§ TO DO
The records below are to be repeated in full, exactly as they are.

§ Records excerpted from a collection

*-*-*

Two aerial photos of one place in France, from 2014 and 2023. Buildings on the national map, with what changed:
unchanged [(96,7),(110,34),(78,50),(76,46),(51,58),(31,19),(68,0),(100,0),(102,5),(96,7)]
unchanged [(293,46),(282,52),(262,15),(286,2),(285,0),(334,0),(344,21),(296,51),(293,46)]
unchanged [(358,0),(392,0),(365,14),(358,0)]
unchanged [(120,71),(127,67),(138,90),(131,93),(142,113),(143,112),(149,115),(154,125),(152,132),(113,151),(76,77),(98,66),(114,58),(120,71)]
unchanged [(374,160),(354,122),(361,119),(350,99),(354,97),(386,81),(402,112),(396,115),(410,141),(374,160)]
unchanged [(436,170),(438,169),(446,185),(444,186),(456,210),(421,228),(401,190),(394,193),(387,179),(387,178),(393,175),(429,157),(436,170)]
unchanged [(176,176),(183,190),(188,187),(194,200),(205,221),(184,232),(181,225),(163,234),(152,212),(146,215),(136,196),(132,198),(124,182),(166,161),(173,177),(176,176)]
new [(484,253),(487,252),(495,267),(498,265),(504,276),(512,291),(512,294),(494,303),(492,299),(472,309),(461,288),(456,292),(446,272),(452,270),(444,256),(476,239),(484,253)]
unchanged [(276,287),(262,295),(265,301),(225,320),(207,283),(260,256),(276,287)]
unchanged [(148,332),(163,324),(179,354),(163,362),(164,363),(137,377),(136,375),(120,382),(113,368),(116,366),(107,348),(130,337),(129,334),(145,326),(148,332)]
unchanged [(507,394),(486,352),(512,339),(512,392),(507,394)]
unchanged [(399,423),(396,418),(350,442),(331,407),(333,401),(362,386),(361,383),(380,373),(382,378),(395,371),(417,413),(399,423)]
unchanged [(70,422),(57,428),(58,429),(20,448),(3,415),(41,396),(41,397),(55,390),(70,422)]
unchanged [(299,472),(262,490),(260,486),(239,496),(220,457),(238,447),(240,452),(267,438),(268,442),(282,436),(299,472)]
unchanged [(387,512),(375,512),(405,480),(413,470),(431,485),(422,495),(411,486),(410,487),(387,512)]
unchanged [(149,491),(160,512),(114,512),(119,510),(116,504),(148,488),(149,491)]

*-*-*

§ THE COMPLETED TASK
Two aerial photos of one place in France, from 2014 and 2023. Buildings on the national map, with what changed:
unchanged [(96,7),(110,34),(78,50),(76,46),(51,58),(31,19),(68,0),(100,0),(102,5),(96,7)]
unchanged [(293,46),(282,52),(262,15),(286,2),(285,0),(334,0),(344,21),(296,51),(293,46)]
unchanged [(358,0),(392,0),(365,14),(358,0)]
unchanged [(120,71),(127,67),(138,90),(131,93),(142,113),(143,112),(149,115),(154,125),(152,132),(113,151),(76,77),(98,66),(114,58),(120,71)]
unchanged [(374,160),(354,122),(361,119),(350,99),(354,97),(386,81),(402,112),(396,115),(410,141),(374,160)]
unchanged [(436,170),(438,169),(446,185),(444,186),(456,210),(421,228),(401,190),(394,193),(387,179),(387,178),(393,175),(429,157),(436,170)]
unchanged [(176,176),(183,190),(188,187),(194,200),(205,221),(184,232),(181,225),(163,234),(152,212),(146,215),(136,196),(132,198),(124,182),(166,161),(173,177),(176,176)]
new [(484,253),(487,252),(495,267),(498,265),(504,276),(512,291),(512,294),(494,303),(492,299),(472,309),(461,288),(456,292),(446,272),(452,270),(444,256),(476,239),(484,253)]
unchanged [(276,287),(262,295),(265,301),(225,320),(207,283),(260,256),(276,287)]
unchanged [(148,332),(163,324),(179,354),(163,362),(164,363),(137,377),(136,375),(120,382),(113,368),(116,366),(107,348),(130,337),(129,334),(145,326),(148,332)]
unchanged [(507,394),(486,352),(512,339),(512,392),(507,394)]
unchanged [(399,423),(396,418),(350,442),(331,407),(333,401),(362,386),(361,383),(380,373),(382,378),(395,371),(417,413),(399,423)]
unchanged [(70,422),(57,428),(58,429),(20,448),(3,415),(41,396),(41,397),(55,390),(70,422)]
unchanged [(299,472),(262,490),(260,486),(239,496),(220,457),(238,447),(240,452),(267,438),(268,442),(282,436),(299,472)]
unchanged [(387,512),(375,512),(405,480),(413,470),(431,485),(422,495),(411,486),(410,487),(387,512)]
unchanged [(149,491),(160,512),(114,512),(119,510),(116,504),(148,488),(149,491)]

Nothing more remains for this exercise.